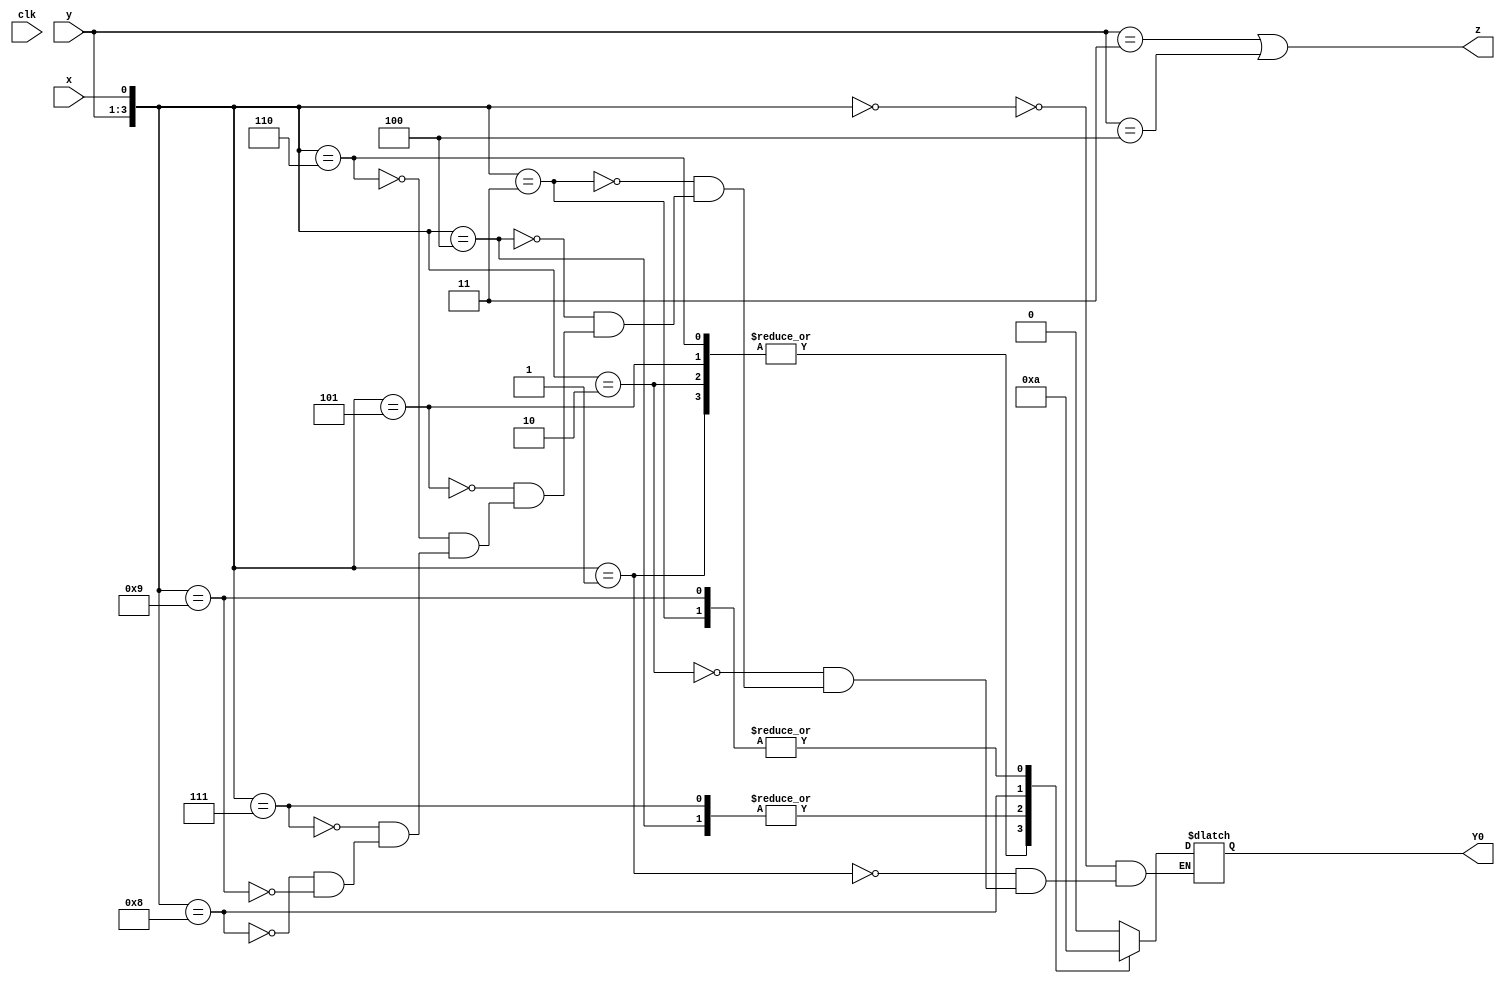
// This program was cloned from: https://github.com/Yvan-xy/verilog-doc
// License: GNU General Public License v2.0

module top_module (
    input clk,
    input [2:0] y,
    input x,
    output Y0,
    output z
);

    reg	[2:0]	Y;
    
    always@(*) begin
        case({y, x})
            4'b0000:	Y = 3'b000;
            4'b0001:	Y = 3'b001;
            4'b0010:	Y = 3'b001;
            4'b0011:	Y = 3'b100;
            4'b0100:	Y = 3'b010;
            4'b0101:	Y = 3'b001;
            4'b0110:	Y = 3'b001;
            4'b0111:	Y = 3'b010;
            4'b1000:	Y = 3'b011;
            4'b1001:	Y = 3'b100;
        endcase
    end
    
    assign	z = (y == 3'b011 || y == 3'b100);
    assign Y0 = Y[0];
    
endmodule
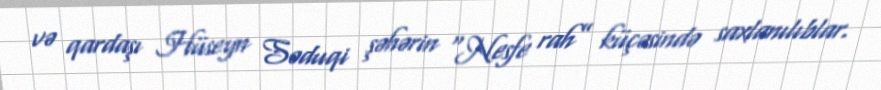
və qardaşı Hüseyn Səduqi şəhərin “Nesfe rah” küçəsində saxlanılıblar.
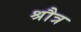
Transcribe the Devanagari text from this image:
श्रौत्र
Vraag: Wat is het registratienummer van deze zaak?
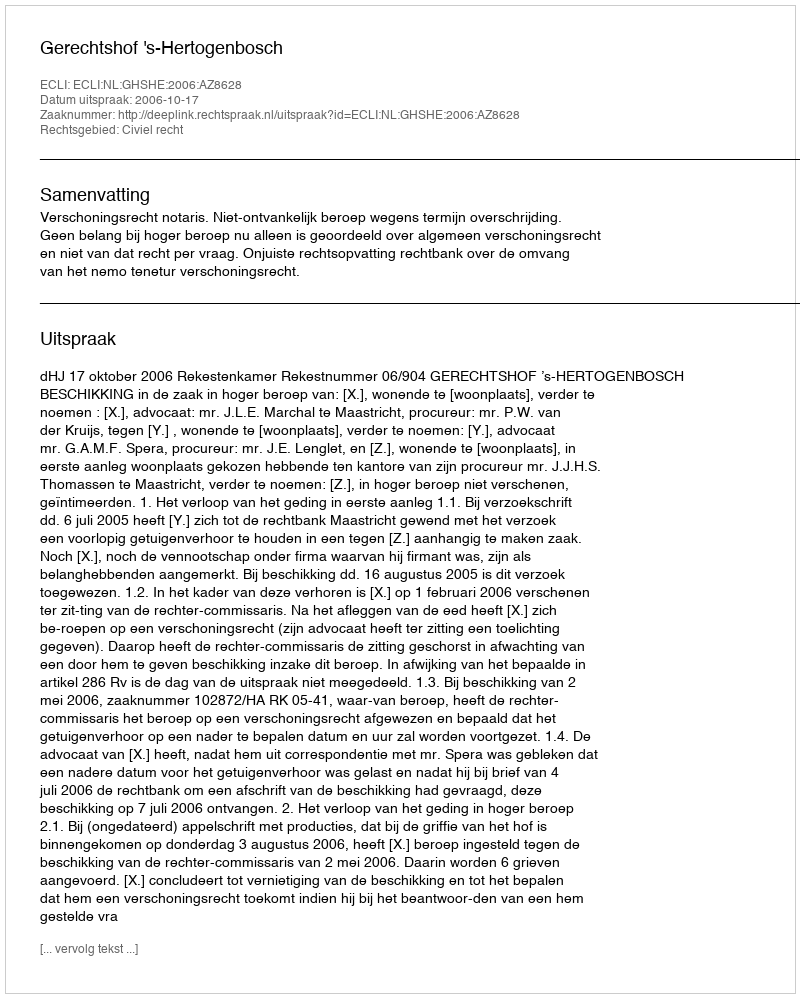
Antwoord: http://deeplink.rechtspraak.nl/uitspraak?id=ECLI:NL:GHSHE:2006:AZ8628
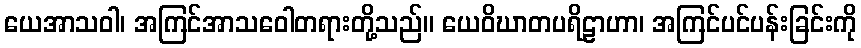
ယေအာသဝါ၊ အကြင်အာသဝေါတရားတို့သည်။ ယေဝိဃာတပရိဠာဟာ၊ အကြင်ပင်ပန်းခြင်းကို
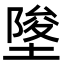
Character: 𡍵
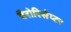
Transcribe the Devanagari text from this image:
बैरोरिसेप्टर
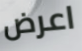
اعرض
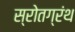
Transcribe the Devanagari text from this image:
स्रोतग्रंथ
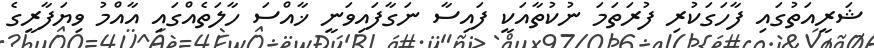
ޝަރީއަތުގައި ފާހަގަކުރި ފުރަތަމަ ނުކުތާއަކީ ފައިސާ ނަގާފައިވަނީ ޚާއްސަ ހާލަތެއްގައި އާއްމު ވިޔަފާރީގެ
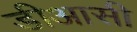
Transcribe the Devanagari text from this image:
डीआसी
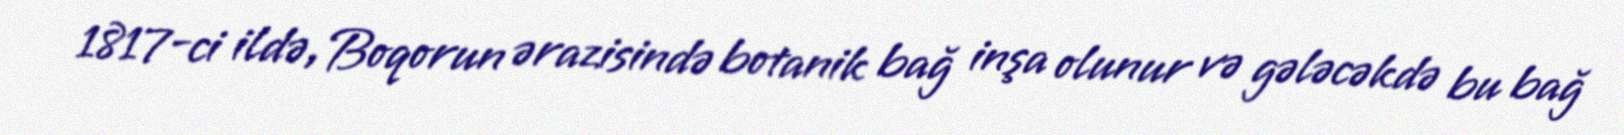
1817-ci ildə, Boqorun ərazisində botanik bağ inşa olunur və gələcəkdə bu bağ
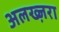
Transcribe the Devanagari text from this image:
अलख्ज़रा
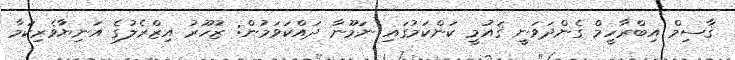
ޤާސިމް އިބްރާހީމް ގެންދަވަނީ ޤައުމީ ކަންކަމުގައި ނަމޫނާ ދައްކަވަމުން: ޒުހޫރު އިޒްރެލުގެ އަނިޔާވެރިކަމާ
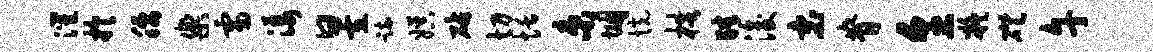
灌於腰乐雷漾昱疏娱砧切恬束悃恍梏肆浚宓脊烹凝磴午
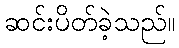
ဆင်းပိတ်ခဲ့သည်။
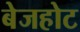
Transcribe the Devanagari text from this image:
बेजहोट
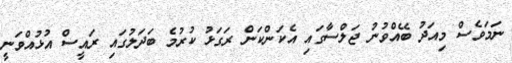
ނަމަވެސް މިއަދު ބޭއްވުނު ޖަލްސާގައި އެކަންކަން ރަގަޅު ކުރުމެ ބަދަލުގައި ރައީސް އުޅުއްވަނީ
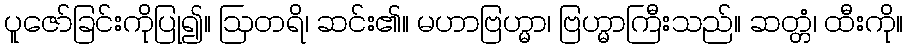
ပူဇော်ခြင်းကိုပြု၍။ ဩတရိ၊ ဆင်း၏။ မဟာဗြဟ္မာ၊ ဗြဟ္မာကြီးသည်။ ဆတ္တံ၊ ထီးကို။
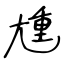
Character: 尰
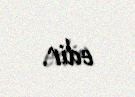
edir.
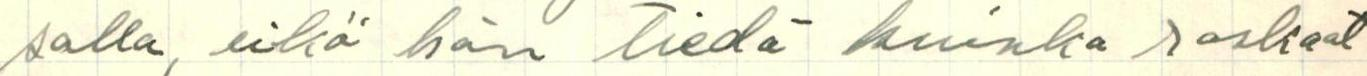
salla, eikä hän tiedä kuinka raskaat
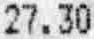
27.30
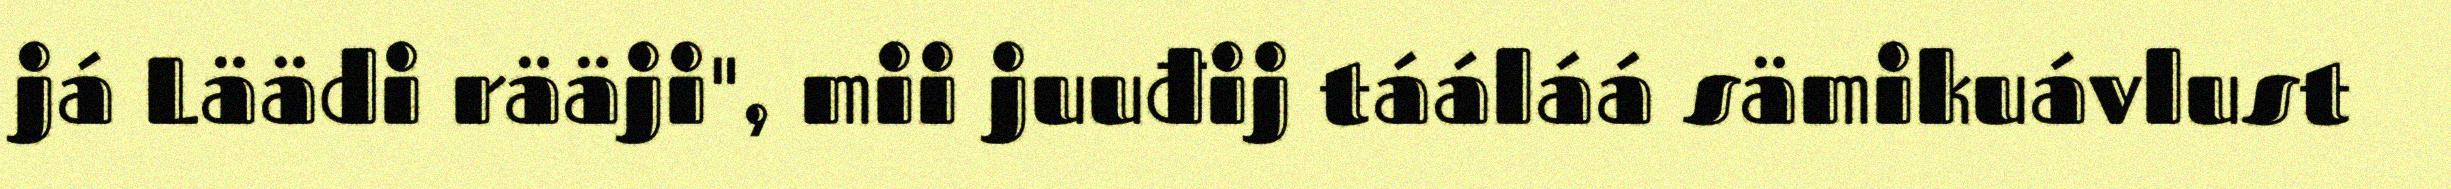
já Läädi rääji", mii juuđij tááláá sämikuávlust
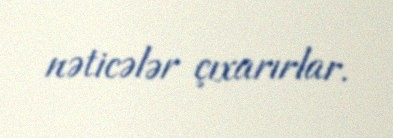
nəticələr çıxarırlar.
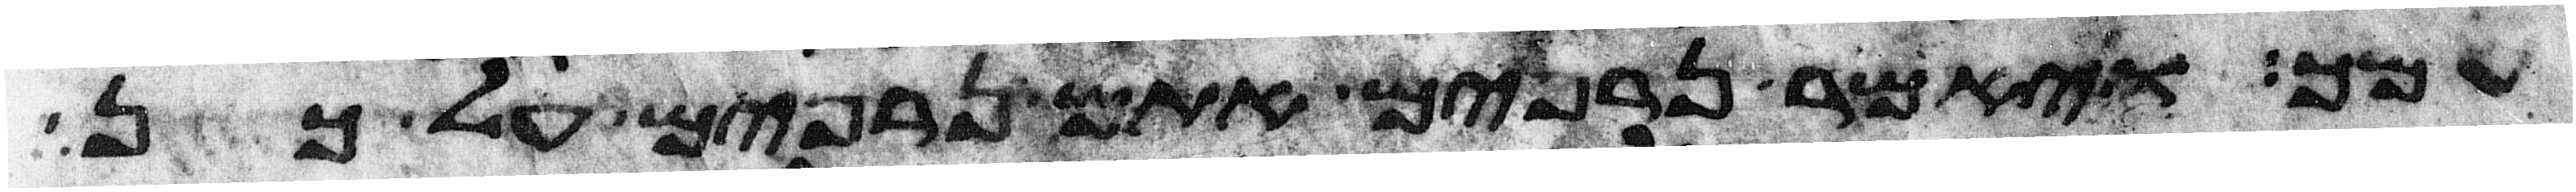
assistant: עמך ויאמר נרפים אתם נרפים על כן
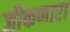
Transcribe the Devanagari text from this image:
जीकणारा
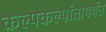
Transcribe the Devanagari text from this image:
कल्पकल्पांतापर्यंत
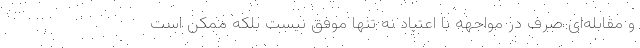
و مقابله‌ای صرف در مواجهه با اعتیاد نه تنها موفق نیست بلکه ممکن است

YOUR OBJECTIVE:
Give back the lines from the one containing "Character: 尰" through the last line of the records above exactly as they appear, both included, and no pictures.

ANSWER TO THE EXERCISE:
Character: 尰
edir.
salla, eikä hän tiedä kuinka raskaat
27.30
já Läädi rääji", mii juuđij tááláá sämikuávlust
nəticələr çıxarırlar.
assistant: עמך ויאמר נרפים אתם נרפים על כן
Transcribe the Devanagari text from this image:
जीकणारा
Transcribe the Devanagari text from this image:
कल्पकल्पांतापर्यंत
و مقابله‌ای صرف در مواجهه با اعتیاد نه تنها موفق نیست بلکه ممکن است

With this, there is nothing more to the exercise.